## Instructions for the task
Repeat the stretch of entries below from the line with "What object spans [255,19,285,49]?" through the line with "[25.733,-76.595,183.837,8.054,7.751,9.908,-2,20,-11]". Include both ends and add nothing.

## Exercise data
○ ○ ○ ○

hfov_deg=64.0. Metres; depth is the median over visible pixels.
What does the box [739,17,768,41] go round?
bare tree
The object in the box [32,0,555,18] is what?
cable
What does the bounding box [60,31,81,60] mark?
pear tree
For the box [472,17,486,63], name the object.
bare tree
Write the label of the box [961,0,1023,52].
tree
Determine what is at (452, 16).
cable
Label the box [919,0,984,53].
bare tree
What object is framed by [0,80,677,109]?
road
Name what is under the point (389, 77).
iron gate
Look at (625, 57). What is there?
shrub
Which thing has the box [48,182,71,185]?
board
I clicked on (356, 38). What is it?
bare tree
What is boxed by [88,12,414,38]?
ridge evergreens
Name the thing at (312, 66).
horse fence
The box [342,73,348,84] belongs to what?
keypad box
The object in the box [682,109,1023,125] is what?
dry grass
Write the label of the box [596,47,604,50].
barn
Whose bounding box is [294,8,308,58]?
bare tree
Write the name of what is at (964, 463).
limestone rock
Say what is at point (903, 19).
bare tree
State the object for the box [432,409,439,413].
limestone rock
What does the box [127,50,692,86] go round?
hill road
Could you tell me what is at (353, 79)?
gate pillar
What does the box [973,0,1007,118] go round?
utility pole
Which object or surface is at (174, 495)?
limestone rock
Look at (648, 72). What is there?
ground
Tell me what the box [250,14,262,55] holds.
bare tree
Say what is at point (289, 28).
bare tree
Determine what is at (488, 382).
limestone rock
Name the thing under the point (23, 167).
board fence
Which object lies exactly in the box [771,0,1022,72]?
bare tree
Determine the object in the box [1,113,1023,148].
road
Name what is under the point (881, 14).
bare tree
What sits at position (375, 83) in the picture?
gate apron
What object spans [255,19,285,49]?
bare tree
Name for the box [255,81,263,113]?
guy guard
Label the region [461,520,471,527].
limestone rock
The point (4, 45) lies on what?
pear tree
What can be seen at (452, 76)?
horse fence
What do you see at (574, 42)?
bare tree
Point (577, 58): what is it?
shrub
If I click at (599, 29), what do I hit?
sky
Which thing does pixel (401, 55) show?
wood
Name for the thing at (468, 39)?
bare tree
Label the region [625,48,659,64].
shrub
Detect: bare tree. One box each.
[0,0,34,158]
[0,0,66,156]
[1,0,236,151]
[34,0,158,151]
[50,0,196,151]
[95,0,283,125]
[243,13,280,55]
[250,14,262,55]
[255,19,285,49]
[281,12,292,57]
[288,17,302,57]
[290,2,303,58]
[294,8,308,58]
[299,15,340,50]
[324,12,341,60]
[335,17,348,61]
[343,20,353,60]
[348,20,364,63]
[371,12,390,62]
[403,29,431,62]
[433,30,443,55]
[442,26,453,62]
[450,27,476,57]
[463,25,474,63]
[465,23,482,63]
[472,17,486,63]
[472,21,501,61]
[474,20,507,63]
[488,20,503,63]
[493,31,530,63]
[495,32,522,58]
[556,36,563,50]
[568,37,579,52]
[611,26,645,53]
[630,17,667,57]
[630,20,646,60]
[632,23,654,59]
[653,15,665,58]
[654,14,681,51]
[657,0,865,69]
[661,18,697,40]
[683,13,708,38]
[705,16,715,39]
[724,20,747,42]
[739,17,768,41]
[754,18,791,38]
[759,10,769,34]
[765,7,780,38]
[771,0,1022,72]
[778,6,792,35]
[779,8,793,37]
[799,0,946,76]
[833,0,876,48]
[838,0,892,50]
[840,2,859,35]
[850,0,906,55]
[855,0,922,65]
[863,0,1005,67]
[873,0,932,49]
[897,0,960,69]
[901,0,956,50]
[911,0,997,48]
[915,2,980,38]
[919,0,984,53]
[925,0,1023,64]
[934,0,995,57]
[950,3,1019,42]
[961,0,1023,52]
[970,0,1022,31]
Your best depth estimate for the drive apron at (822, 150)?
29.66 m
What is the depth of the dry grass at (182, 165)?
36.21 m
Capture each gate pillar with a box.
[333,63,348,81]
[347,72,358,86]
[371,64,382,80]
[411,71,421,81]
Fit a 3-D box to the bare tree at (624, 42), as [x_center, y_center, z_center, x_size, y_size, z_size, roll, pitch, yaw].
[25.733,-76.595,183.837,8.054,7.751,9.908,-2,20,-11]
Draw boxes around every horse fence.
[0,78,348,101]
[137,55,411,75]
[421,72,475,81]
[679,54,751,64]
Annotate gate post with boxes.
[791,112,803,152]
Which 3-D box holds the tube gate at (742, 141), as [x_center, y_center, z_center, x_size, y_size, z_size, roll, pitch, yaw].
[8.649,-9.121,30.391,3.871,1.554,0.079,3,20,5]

○ ○ ○ ○

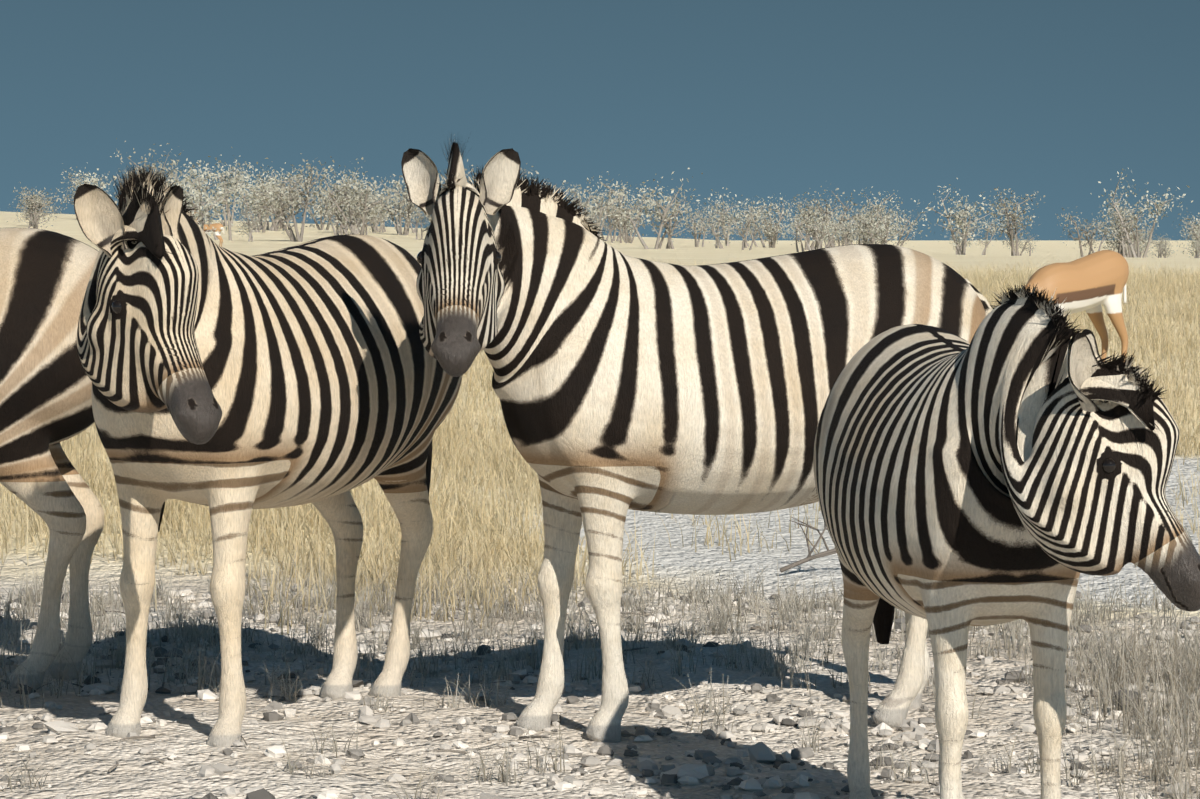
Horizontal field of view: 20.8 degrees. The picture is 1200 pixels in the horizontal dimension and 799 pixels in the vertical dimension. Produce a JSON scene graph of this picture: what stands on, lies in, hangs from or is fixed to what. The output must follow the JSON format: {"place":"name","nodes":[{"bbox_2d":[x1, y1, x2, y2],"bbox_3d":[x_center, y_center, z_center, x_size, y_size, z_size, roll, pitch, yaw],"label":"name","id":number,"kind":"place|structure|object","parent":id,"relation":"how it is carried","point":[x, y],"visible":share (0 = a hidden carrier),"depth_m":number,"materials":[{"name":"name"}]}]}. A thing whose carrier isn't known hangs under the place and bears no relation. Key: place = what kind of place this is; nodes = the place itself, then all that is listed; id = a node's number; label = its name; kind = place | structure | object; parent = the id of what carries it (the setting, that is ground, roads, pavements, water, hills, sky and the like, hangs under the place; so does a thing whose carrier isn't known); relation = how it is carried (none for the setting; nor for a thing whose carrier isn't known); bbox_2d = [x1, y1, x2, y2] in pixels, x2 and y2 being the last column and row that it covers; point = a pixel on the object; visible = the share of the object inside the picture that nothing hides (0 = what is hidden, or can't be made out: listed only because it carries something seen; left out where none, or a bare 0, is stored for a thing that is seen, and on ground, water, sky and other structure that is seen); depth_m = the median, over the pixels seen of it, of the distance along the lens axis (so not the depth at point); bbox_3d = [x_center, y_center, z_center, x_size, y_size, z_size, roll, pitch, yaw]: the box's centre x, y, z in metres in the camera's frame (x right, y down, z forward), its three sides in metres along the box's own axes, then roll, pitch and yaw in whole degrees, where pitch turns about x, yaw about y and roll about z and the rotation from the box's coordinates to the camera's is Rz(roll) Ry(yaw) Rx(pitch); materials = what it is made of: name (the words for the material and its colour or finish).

○ ○ ○ ○

## Response below
What object spans [255,19,285,49]?
bare tree
Name for the box [255,81,263,113]?
guy guard
Label the region [461,520,471,527].
limestone rock
The point (4, 45) lies on what?
pear tree
What can be seen at (452, 76)?
horse fence
What do you see at (574, 42)?
bare tree
Point (577, 58): what is it?
shrub
If I click at (599, 29), what do I hit?
sky
Which thing does pixel (401, 55) show?
wood
Name for the thing at (468, 39)?
bare tree
Label the region [625,48,659,64].
shrub
Detect: bare tree. One box each.
[0,0,34,158]
[0,0,66,156]
[1,0,236,151]
[34,0,158,151]
[50,0,196,151]
[95,0,283,125]
[243,13,280,55]
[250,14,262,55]
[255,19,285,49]
[281,12,292,57]
[288,17,302,57]
[290,2,303,58]
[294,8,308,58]
[299,15,340,50]
[324,12,341,60]
[335,17,348,61]
[343,20,353,60]
[348,20,364,63]
[371,12,390,62]
[403,29,431,62]
[433,30,443,55]
[442,26,453,62]
[450,27,476,57]
[463,25,474,63]
[465,23,482,63]
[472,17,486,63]
[472,21,501,61]
[474,20,507,63]
[488,20,503,63]
[493,31,530,63]
[495,32,522,58]
[556,36,563,50]
[568,37,579,52]
[611,26,645,53]
[630,17,667,57]
[630,20,646,60]
[632,23,654,59]
[653,15,665,58]
[654,14,681,51]
[657,0,865,69]
[661,18,697,40]
[683,13,708,38]
[705,16,715,39]
[724,20,747,42]
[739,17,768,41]
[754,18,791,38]
[759,10,769,34]
[765,7,780,38]
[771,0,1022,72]
[778,6,792,35]
[779,8,793,37]
[799,0,946,76]
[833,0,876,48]
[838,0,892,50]
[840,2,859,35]
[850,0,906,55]
[855,0,922,65]
[863,0,1005,67]
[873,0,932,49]
[897,0,960,69]
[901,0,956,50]
[911,0,997,48]
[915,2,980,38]
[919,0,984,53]
[925,0,1023,64]
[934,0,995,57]
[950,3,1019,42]
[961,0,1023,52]
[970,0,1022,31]
Your best depth estimate for the drive apron at (822, 150)?
29.66 m
What is the depth of the dry grass at (182, 165)?
36.21 m
Capture each gate pillar with a box.
[333,63,348,81]
[347,72,358,86]
[371,64,382,80]
[411,71,421,81]
Fit a 3-D box to the bare tree at (624, 42), as [x_center, y_center, z_center, x_size, y_size, z_size, roll, pitch, yaw].
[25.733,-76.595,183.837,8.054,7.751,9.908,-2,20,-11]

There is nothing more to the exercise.